地心能源的金色光雨仍在洒落,净化着傅凌鹤心智宫殿中那片由十万灵魂悲鸣构成的血海。然而,他和云筝却感到一股刺骨的寒意,这股寒意并非来自外界,而是从他们新生的、融合的意识核心深处滋生、蔓延,冻结了每一寸思维。
权柄,在这一刻显露出它最狰狞的另一面——审判。
傅凌鹤的绝对理性,在融合意识中化作一台前所未有的超级计算机,以地心能源为驱动,疯狂推演着所有可能性。
选择人类。
这个选项在逻辑层面被瞬间拆解成一连串血腥的步骤。
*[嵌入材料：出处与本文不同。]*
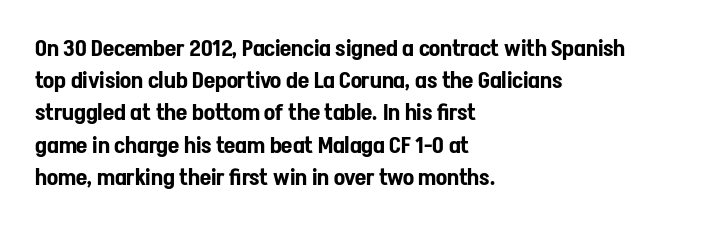
Q: Is the text italic (slanted)? A: No, it is upright.
Q: Is the text underlined? A: No.
Q: How is the paragraph aligned? A: Left-aligned.
Q: Is the spacing between letters normal or unusually wide? A: Normal.
Q: Is the spacing between lines tight, normal or loose? A: Normal.
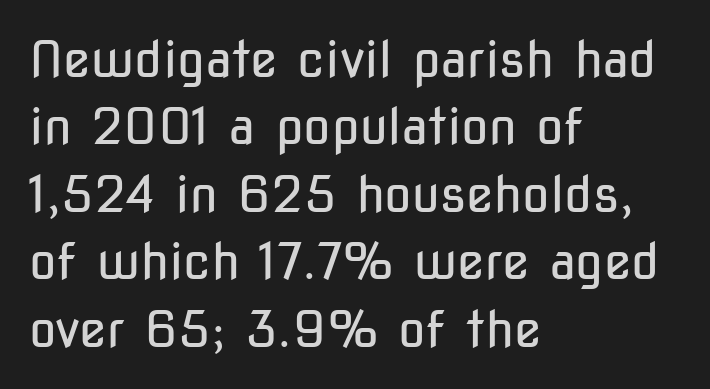
How are the letters spaced? Ordinarily, with no added tracking. Characters remain perfectly vertical along every line. Do the characters align in a grid? No, the font is proportional. The line-height multiplier appears to be the usual default.
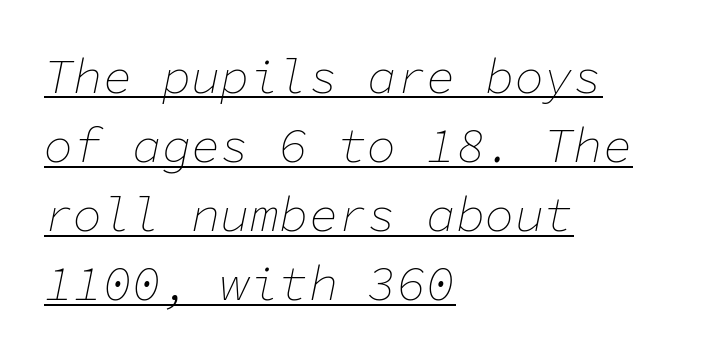
Q: Is the text bold? A: No.
Q: Is the text italic (slanted)? A: Yes, it leans right by about 11 degrees.
Q: Is the text underlined? A: Yes.
Q: How is the paragraph aligned? A: Left-aligned.
Q: Is the spacing between letters normal or unusually wide? A: Normal.
Q: Is the spacing between lines tight, normal or loose? A: Normal.
Q: Width (condensed, normal, or wide)? A: Normal.
Q: Stroke contrast? A: Low.
Q: x-height? A: Medium.
Q: Monospaced? A: Yes.
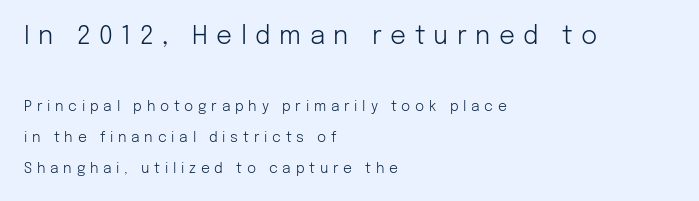
Posture: straight, roman, zero tilt. The setting favours the left margin, as ordinary paragraphs usually do. Honestly, there is no underline to notice here at all. Spacing between characters has been opened up far beyond the box default. Stroke thickness stays within the range of a standard reading face or lighter.
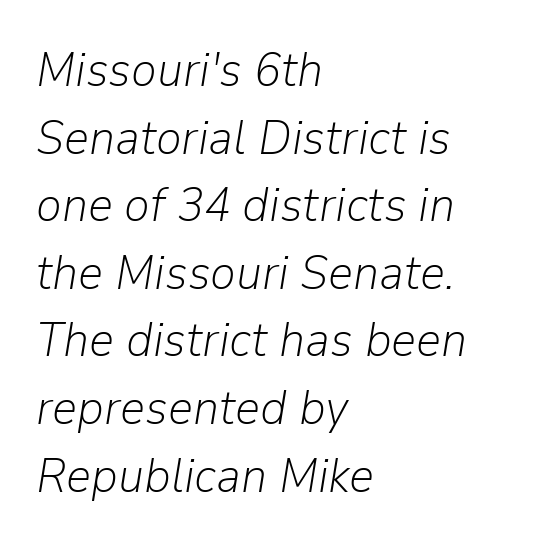
Spacing verdict: proportional, widths tailored to each character. The passage shown leans; its letterforms are oblique. Vertical stems look standard width or narrower in stroke. Vertical spacing — default. Does extra space separate the letters? No, they use regular spacing. Nobody drew a line under any word here.
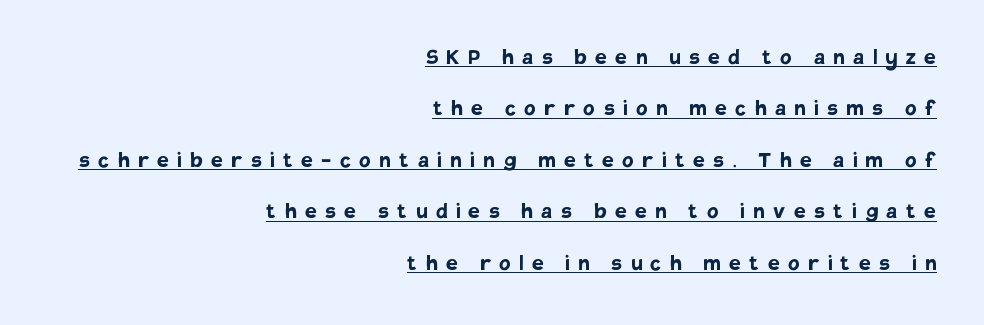
{"italic": "no", "bold": "yes", "underline": "yes", "align": "right", "line_spacing": "loose", "line_spacing_ratio": 1.98, "letter_spacing": "wide", "letter_spacing_em": 0.33, "glyph_px": 26}
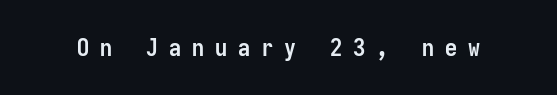
The image shows 24 px bold type, upright; set unusually wide letter spacing (+0.46 em), not underlined.
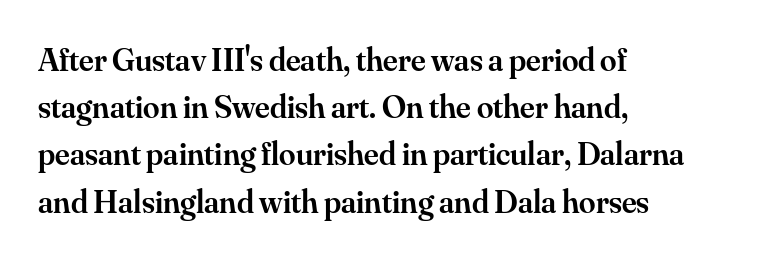
Q: Is the text bold? A: Semi-bold.
Q: Is the text italic (slanted)? A: No, it is upright.
Q: Is the typeface a serif or a sans-serif typeface? A: Serif.
Q: Is the text underlined? A: No.
Q: How is the paragraph aligned? A: Left-aligned.
Q: Is the spacing between letters normal or unusually wide? A: Normal.
Q: Is the spacing between lines tight, normal or loose? A: Normal.
Q: Width (condensed, normal, or wide)? A: Normal.
Q: Stroke contrast? A: Medium.
Q: x-height? A: Small.
Q: Monospaced? A: No.
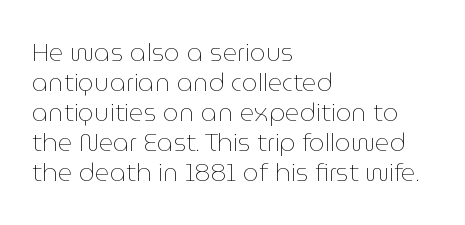
Stem width sits at or under what a default text font uses. Rendered with straight, roman letterforms. In CSS terms this would be text-align: left. Is the letter spacing exaggerated? No — it looks like the ordinary default.
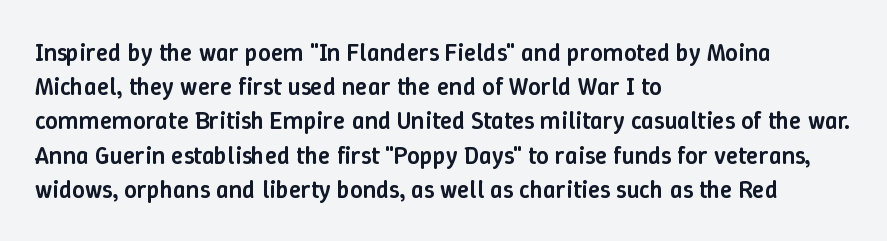
Q: Is the text bold? A: Semi-bold.
Q: Is the text italic (slanted)? A: No, it is upright.
Q: Is the text underlined? A: No.
Q: How is the paragraph aligned? A: Left-aligned.
Q: Is the spacing between letters normal or unusually wide? A: Normal.
Q: Is the spacing between lines tight, normal or loose? A: Normal.
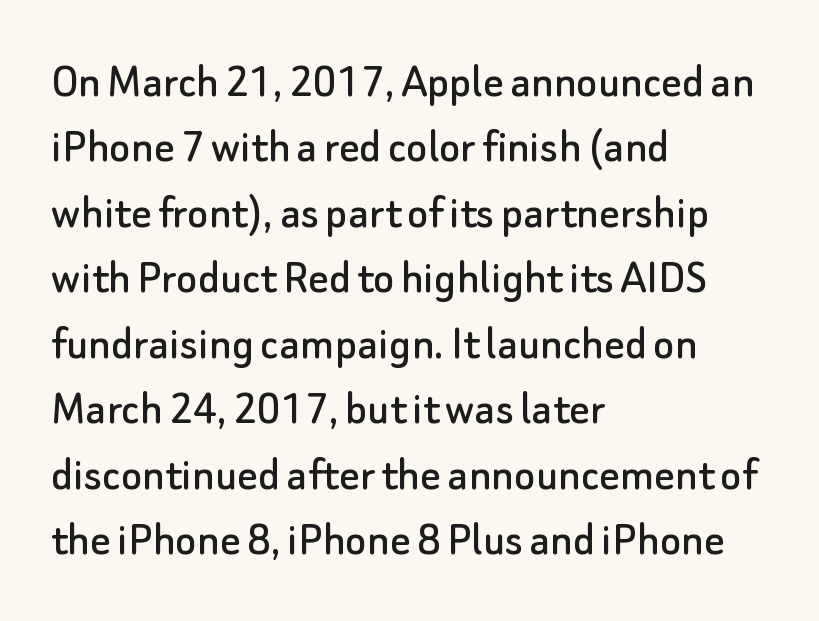
{"serif": "no", "italic": "no", "width": "normal", "stroke_contrast": "low", "x_height": "small", "monospaced": "no", "underline": "no", "align": "left", "line_spacing": "normal", "line_spacing_ratio": 1.31, "letter_spacing": "normal", "letter_spacing_em": 0.0, "glyph_px": 50}
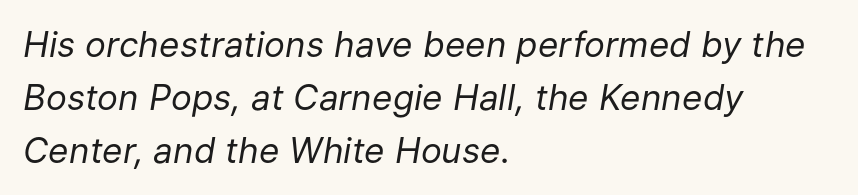
The image shows 35 px regular-weight type, italic (leaning right); set left-aligned, normal line spacing (1.51x), normal letter spacing, not underlined; low stroke contrast and a medium x-height.
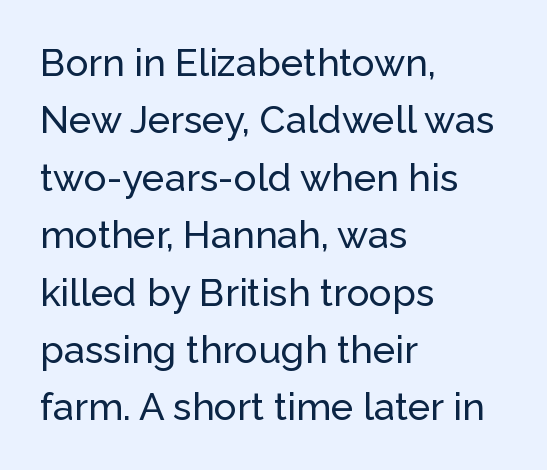
Q: Is the text italic (slanted)? A: No, it is upright.
Q: Is the typeface a serif or a sans-serif typeface? A: Sans-serif.
Q: Is the text underlined? A: No.
Q: How is the paragraph aligned? A: Left-aligned.
Q: Is the spacing between letters normal or unusually wide? A: Normal.
Q: Is the spacing between lines tight, normal or loose? A: Normal.
Q: Width (condensed, normal, or wide)? A: Normal.
Q: Stroke contrast? A: Low.
Q: x-height? A: Medium.
Q: Monospaced? A: No.
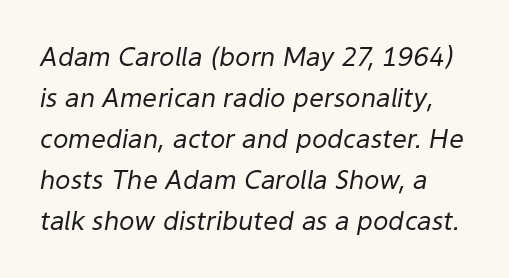
The image shows 26 px text type, italic (leaning right); set normal line spacing (1.58x), normal letter spacing, not underlined.
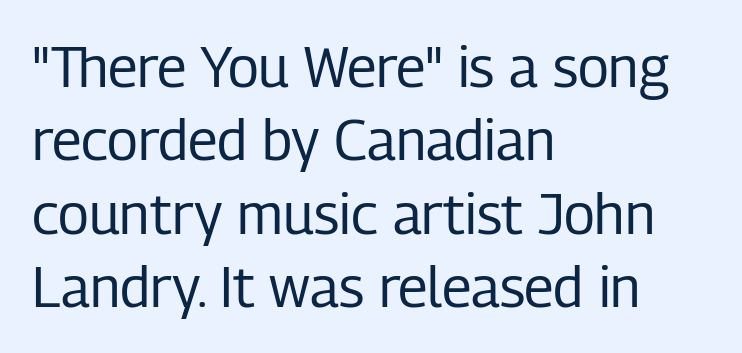
{"serif": "no", "italic": "no", "bold": "no", "weight": "regular", "width": "condensed", "stroke_contrast": "low", "x_height": "medium", "monospaced": "no", "underline": "no", "align": "left", "line_spacing": "normal", "line_spacing_ratio": 1.31, "letter_spacing": "normal", "letter_spacing_em": 0.0, "glyph_px": 56}

他们必须调动刚刚承继的星球源能,逆转唤醒程序,将这股创生的力量化为抹杀的屠刀。这十万个刚刚从玉石中“孵化”、视他们为唯一信赖与依靠的新生儿,将在他们亲手挥下的屠刀下,变回冰冷的矿石,甚至彻底湮灭。这将是一场规模达到十万的、针对自己“孩子”的屠杀。他们会成为史上最残酷的刽子手,这份罪孽将化作永恒的烙印,彻底污染他们融合后的灵魂,直到精神彻底崩溃。逻辑的终点,是自我毁灭。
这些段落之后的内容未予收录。